> _Task brief_: Output the entries that follow character for character. Leave every image out.

######

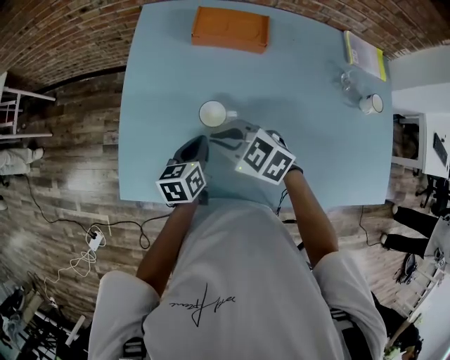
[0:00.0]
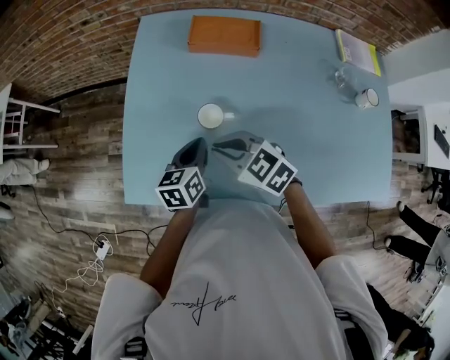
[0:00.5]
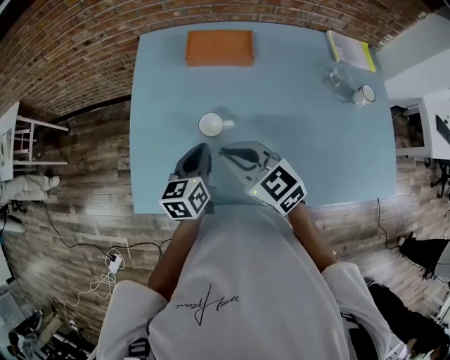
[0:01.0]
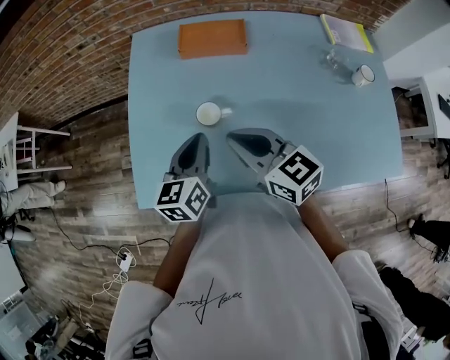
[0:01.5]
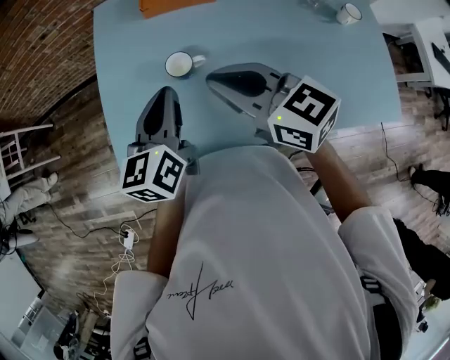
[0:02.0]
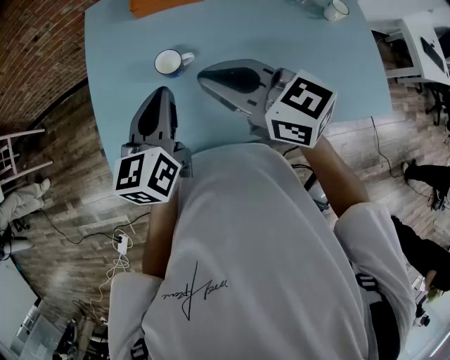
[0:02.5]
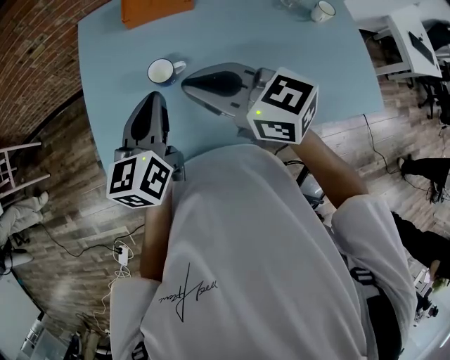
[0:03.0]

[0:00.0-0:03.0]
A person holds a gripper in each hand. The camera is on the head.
0:00.0 to 0:01.5: Both grippers travel together upward, approximately 10 cm. The right gripper rotates roughly 40 degrees.
0:01.5 to 0:03.0: The two grippers go about 5 cm upward.

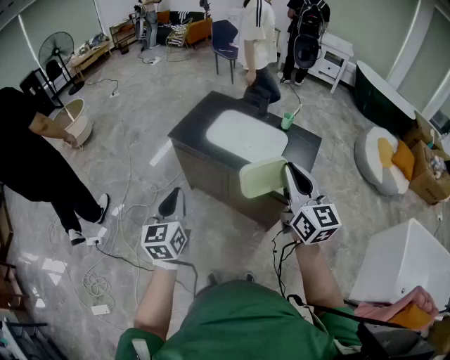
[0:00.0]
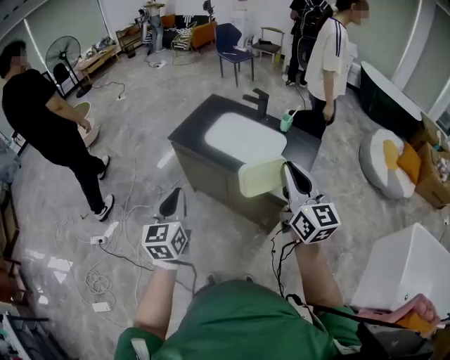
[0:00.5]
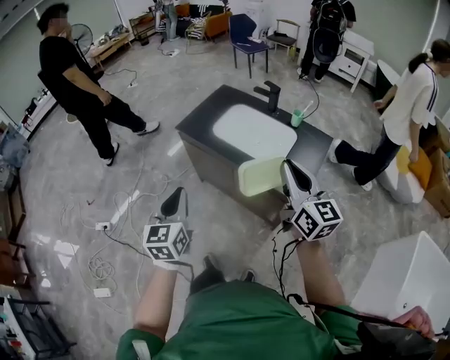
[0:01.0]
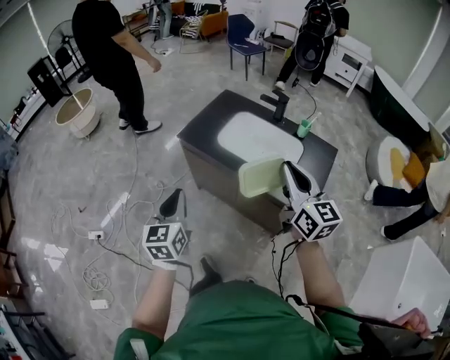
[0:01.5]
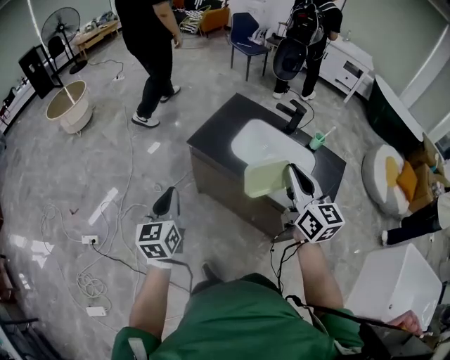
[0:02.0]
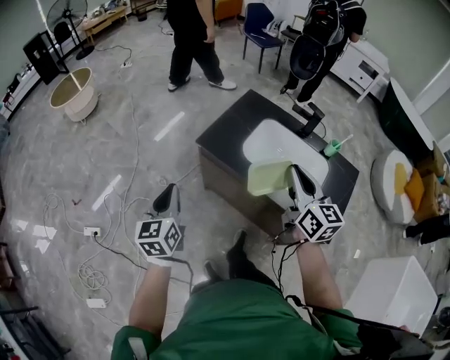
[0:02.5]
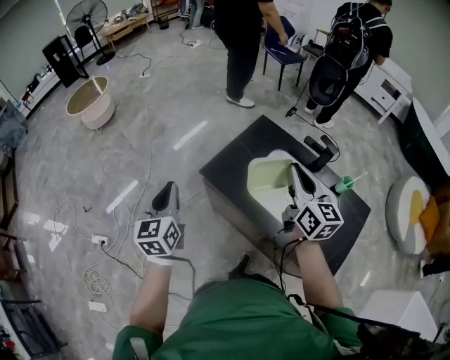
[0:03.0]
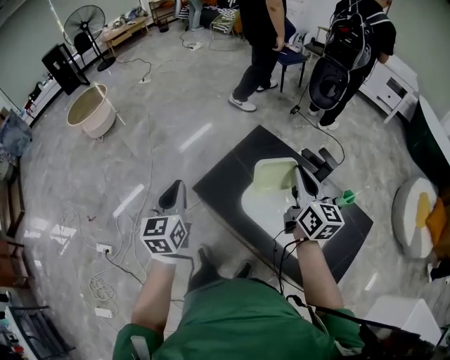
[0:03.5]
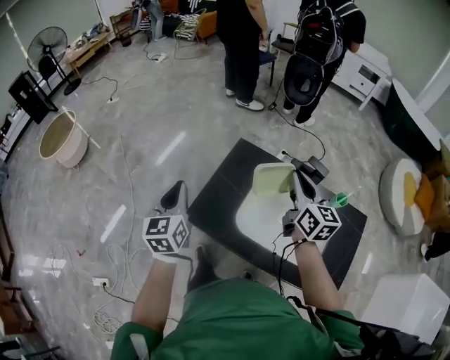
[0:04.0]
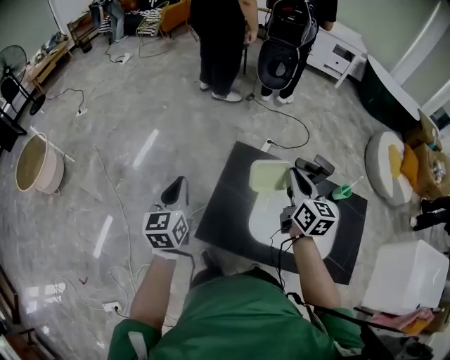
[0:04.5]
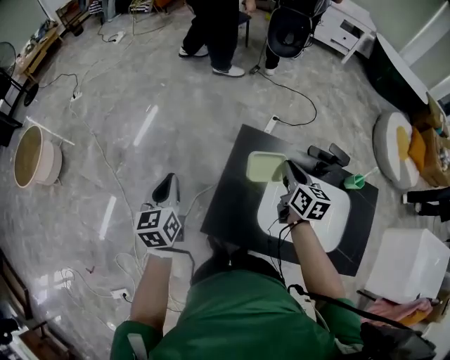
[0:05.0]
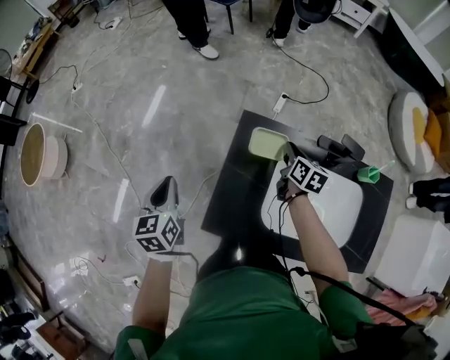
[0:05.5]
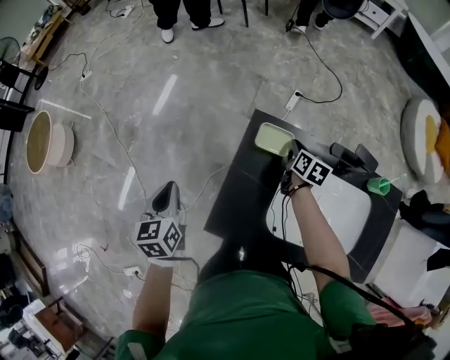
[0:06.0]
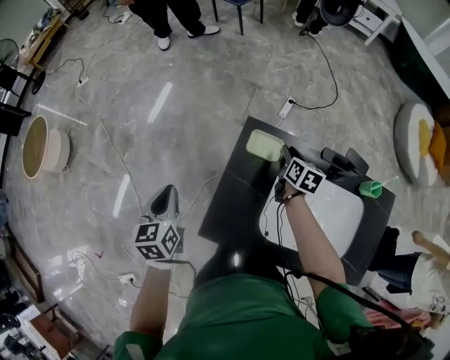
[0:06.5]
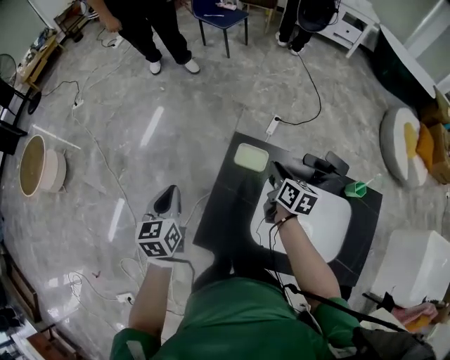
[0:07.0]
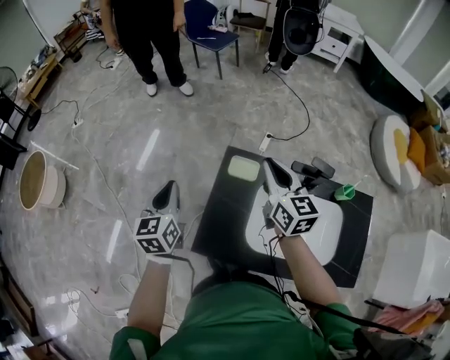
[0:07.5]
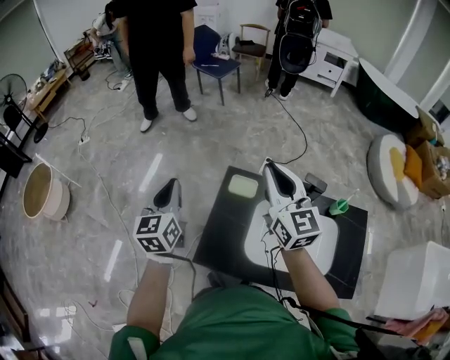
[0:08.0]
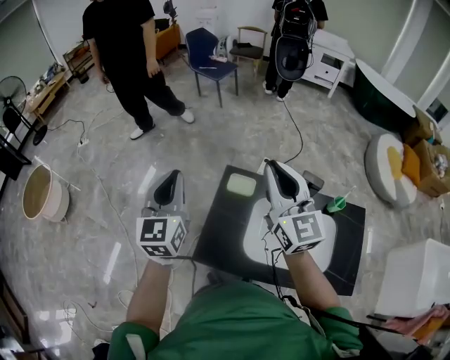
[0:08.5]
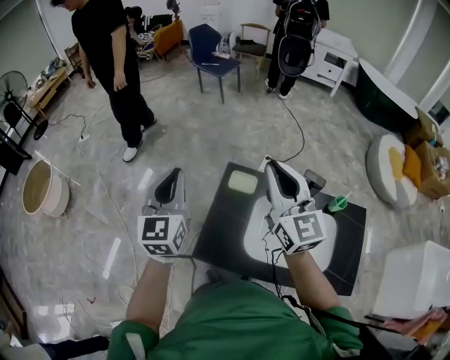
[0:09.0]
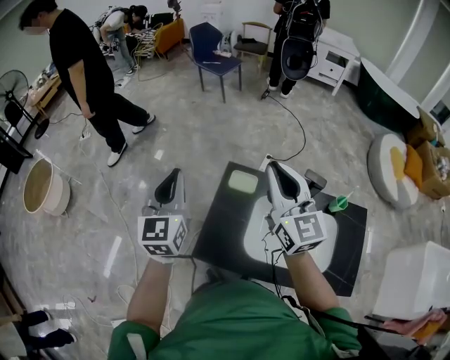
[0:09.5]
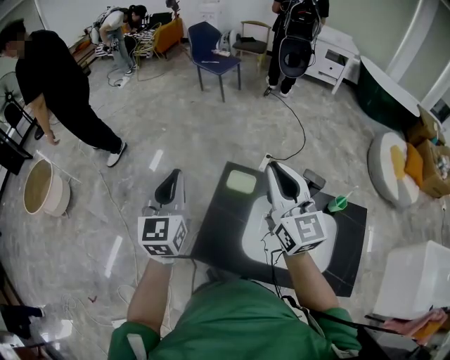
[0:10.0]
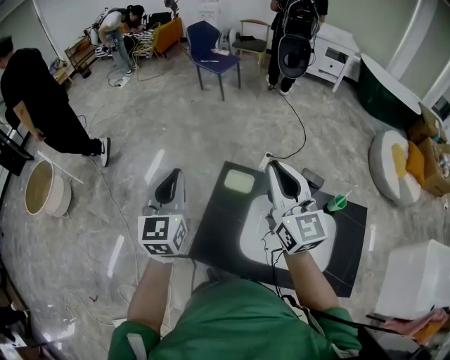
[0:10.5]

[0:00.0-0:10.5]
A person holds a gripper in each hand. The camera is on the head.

######

> _Result_:
[0:00.0]
[0:00.5]
[0:01.0]
[0:01.5]
[0:02.0]
[0:02.5]
[0:03.0]

[0:00.0-0:03.0]
A person holds a gripper in each hand. The camera is on the head.
0:00.0 to 0:01.5: Both grippers travel together upward, approximately 10 cm. The right gripper rotates roughly 40 degrees.
0:01.5 to 0:03.0: The two grippers go about 5 cm upward.

[0:00.0]
[0:00.5]
[0:01.0]
[0:01.5]
[0:02.0]
[0:02.5]
[0:03.0]
[0:03.5]
[0:04.0]
[0:04.5]
[0:05.0]
[0:05.5]
[0:06.0]
[0:06.5]
[0:07.0]
[0:07.5]
[0:08.0]
[0:08.5]
[0:09.0]
[0:09.5]
[0:10.0]
[0:10.5]

[0:00.0-0:10.5]
A person holds a gripper in each hand. The camera is on the head.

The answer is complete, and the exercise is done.